→ **Task instructions**:
Restate all of the material, keeping every line identical to the original.
[Extracted data Boundary: Start]
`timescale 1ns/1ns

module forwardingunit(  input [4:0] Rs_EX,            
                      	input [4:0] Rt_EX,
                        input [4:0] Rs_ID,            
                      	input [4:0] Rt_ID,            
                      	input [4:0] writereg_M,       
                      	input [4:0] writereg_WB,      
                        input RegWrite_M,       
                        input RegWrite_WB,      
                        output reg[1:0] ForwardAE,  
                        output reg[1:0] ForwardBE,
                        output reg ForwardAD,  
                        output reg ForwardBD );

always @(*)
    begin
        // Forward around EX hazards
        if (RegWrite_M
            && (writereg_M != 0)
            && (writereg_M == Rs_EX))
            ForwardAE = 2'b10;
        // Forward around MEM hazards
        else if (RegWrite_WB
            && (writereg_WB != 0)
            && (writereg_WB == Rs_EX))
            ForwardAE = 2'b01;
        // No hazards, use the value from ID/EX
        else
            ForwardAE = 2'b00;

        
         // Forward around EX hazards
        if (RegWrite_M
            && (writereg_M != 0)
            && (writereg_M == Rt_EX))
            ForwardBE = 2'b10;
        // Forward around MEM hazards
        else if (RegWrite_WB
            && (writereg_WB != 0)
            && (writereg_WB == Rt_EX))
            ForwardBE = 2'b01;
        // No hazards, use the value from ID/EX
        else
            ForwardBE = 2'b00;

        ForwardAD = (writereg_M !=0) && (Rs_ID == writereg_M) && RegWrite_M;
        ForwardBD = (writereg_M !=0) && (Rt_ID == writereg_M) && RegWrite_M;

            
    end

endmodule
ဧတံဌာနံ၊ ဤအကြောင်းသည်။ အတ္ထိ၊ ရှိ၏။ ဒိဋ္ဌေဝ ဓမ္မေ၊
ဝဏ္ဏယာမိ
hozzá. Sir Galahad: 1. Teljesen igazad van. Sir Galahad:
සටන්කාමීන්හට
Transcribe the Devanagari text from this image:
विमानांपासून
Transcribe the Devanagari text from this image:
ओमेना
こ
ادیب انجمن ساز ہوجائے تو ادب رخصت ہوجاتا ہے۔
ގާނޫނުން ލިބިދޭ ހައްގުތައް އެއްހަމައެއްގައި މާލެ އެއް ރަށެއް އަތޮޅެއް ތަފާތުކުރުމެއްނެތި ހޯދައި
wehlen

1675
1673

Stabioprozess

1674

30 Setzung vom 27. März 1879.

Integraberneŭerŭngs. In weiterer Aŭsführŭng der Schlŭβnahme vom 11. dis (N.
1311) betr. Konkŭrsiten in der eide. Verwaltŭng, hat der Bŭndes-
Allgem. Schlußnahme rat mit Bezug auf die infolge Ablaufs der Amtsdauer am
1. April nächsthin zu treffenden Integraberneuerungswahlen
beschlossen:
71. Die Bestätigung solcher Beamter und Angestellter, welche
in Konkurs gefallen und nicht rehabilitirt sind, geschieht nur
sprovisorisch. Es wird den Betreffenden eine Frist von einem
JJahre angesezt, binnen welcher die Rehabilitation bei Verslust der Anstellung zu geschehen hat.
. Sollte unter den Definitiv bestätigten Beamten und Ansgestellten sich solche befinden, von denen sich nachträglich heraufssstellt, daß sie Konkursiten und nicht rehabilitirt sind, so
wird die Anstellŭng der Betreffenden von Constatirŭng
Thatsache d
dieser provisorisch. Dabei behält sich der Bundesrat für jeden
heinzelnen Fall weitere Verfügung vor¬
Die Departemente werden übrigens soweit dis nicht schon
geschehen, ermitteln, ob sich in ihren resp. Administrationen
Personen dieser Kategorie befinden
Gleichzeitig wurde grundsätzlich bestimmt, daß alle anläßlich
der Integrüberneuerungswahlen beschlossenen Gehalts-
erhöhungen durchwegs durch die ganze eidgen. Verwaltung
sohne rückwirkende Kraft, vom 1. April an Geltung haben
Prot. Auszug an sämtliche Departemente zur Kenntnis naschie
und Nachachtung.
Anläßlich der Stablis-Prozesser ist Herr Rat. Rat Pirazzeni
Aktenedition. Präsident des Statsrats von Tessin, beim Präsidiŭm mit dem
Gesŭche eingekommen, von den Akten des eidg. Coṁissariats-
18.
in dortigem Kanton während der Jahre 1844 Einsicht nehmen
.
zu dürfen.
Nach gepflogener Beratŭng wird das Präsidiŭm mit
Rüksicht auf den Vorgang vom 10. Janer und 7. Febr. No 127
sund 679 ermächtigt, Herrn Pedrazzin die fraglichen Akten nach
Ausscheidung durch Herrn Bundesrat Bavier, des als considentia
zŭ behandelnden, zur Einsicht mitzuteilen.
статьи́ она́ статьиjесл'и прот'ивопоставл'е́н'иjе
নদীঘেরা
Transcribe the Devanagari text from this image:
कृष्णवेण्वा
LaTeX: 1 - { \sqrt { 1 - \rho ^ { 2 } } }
[Extracted data Boundary: End]
→ **Expected answer**:
`timescale 1ns/1ns

module forwardingunit(  input [4:0] Rs_EX,            
                      	input [4:0] Rt_EX,
                        input [4:0] Rs_ID,            
                      	input [4:0] Rt_ID,            
                      	input [4:0] writereg_M,       
                      	input [4:0] writereg_WB,      
                        input RegWrite_M,       
                        input RegWrite_WB,      
                        output reg[1:0] ForwardAE,  
                        output reg[1:0] ForwardBE,
                        output reg ForwardAD,  
                        output reg ForwardBD );

always @(*)
    begin
        // Forward around EX hazards
        if (RegWrite_M
            && (writereg_M != 0)
            && (writereg_M == Rs_EX))
            ForwardAE = 2'b10;
        // Forward around MEM hazards
        else if (RegWrite_WB
            && (writereg_WB != 0)
            && (writereg_WB == Rs_EX))
            ForwardAE = 2'b01;
        // No hazards, use the value from ID/EX
        else
            ForwardAE = 2'b00;

        
         // Forward around EX hazards
        if (RegWrite_M
            && (writereg_M != 0)
            && (writereg_M == Rt_EX))
            ForwardBE = 2'b10;
        // Forward around MEM hazards
        else if (RegWrite_WB
            && (writereg_WB != 0)
            && (writereg_WB == Rt_EX))
            ForwardBE = 2'b01;
        // No hazards, use the value from ID/EX
        else
            ForwardBE = 2'b00;

        ForwardAD = (writereg_M !=0) && (Rs_ID == writereg_M) && RegWrite_M;
        ForwardBD = (writereg_M !=0) && (Rt_ID == writereg_M) && RegWrite_M;

            
    end

endmodule
ဧတံဌာနံ၊ ဤအကြောင်းသည်။ အတ္ထိ၊ ရှိ၏။ ဒိဋ္ဌေဝ ဓမ္မေ၊
ဝဏ္ဏယာမိ
hozzá. Sir Galahad: 1. Teljesen igazad van. Sir Galahad:
සටන්කාමීන්හට
Transcribe the Devanagari text from this image:
विमानांपासून
Transcribe the Devanagari text from this image:
ओमेना
こ
ادیب انجمن ساز ہوجائے تو ادب رخصت ہوجاتا ہے۔
ގާނޫނުން ލިބިދޭ ހައްގުތައް އެއްހަމައެއްގައި މާލެ އެއް ރަށެއް އަތޮޅެއް ތަފާތުކުރުމެއްނެތި ހޯދައި
wehlen

1675
1673

Stabioprozess

1674

30 Setzung vom 27. März 1879.

Integraberneŭerŭngs. In weiterer Aŭsführŭng der Schlŭβnahme vom 11. dis (N.
1311) betr. Konkŭrsiten in der eide. Verwaltŭng, hat der Bŭndes-
Allgem. Schlußnahme rat mit Bezug auf die infolge Ablaufs der Amtsdauer am
1. April nächsthin zu treffenden Integraberneuerungswahlen
beschlossen:
71. Die Bestätigung solcher Beamter und Angestellter, welche
in Konkurs gefallen und nicht rehabilitirt sind, geschieht nur
sprovisorisch. Es wird den Betreffenden eine Frist von einem
JJahre angesezt, binnen welcher die Rehabilitation bei Verslust der Anstellung zu geschehen hat.
. Sollte unter den Definitiv bestätigten Beamten und Ansgestellten sich solche befinden, von denen sich nachträglich heraufssstellt, daß sie Konkursiten und nicht rehabilitirt sind, so
wird die Anstellŭng der Betreffenden von Constatirŭng
Thatsache d
dieser provisorisch. Dabei behält sich der Bundesrat für jeden
heinzelnen Fall weitere Verfügung vor¬
Die Departemente werden übrigens soweit dis nicht schon
geschehen, ermitteln, ob sich in ihren resp. Administrationen
Personen dieser Kategorie befinden
Gleichzeitig wurde grundsätzlich bestimmt, daß alle anläßlich
der Integrüberneuerungswahlen beschlossenen Gehalts-
erhöhungen durchwegs durch die ganze eidgen. Verwaltung
sohne rückwirkende Kraft, vom 1. April an Geltung haben
Prot. Auszug an sämtliche Departemente zur Kenntnis naschie
und Nachachtung.
Anläßlich der Stablis-Prozesser ist Herr Rat. Rat Pirazzeni
Aktenedition. Präsident des Statsrats von Tessin, beim Präsidiŭm mit dem
Gesŭche eingekommen, von den Akten des eidg. Coṁissariats-
18.
in dortigem Kanton während der Jahre 1844 Einsicht nehmen
.
zu dürfen.
Nach gepflogener Beratŭng wird das Präsidiŭm mit
Rüksicht auf den Vorgang vom 10. Janer und 7. Febr. No 127
sund 679 ermächtigt, Herrn Pedrazzin die fraglichen Akten nach
Ausscheidung durch Herrn Bundesrat Bavier, des als considentia
zŭ behandelnden, zur Einsicht mitzuteilen.
статьи́ она́ статьиjесл'и прот'ивопоставл'е́н'иjе
নদীঘেরা
Transcribe the Devanagari text from this image:
कृष्णवेण्वा
LaTeX: 1 - { \sqrt { 1 - \rho ^ { 2 } } }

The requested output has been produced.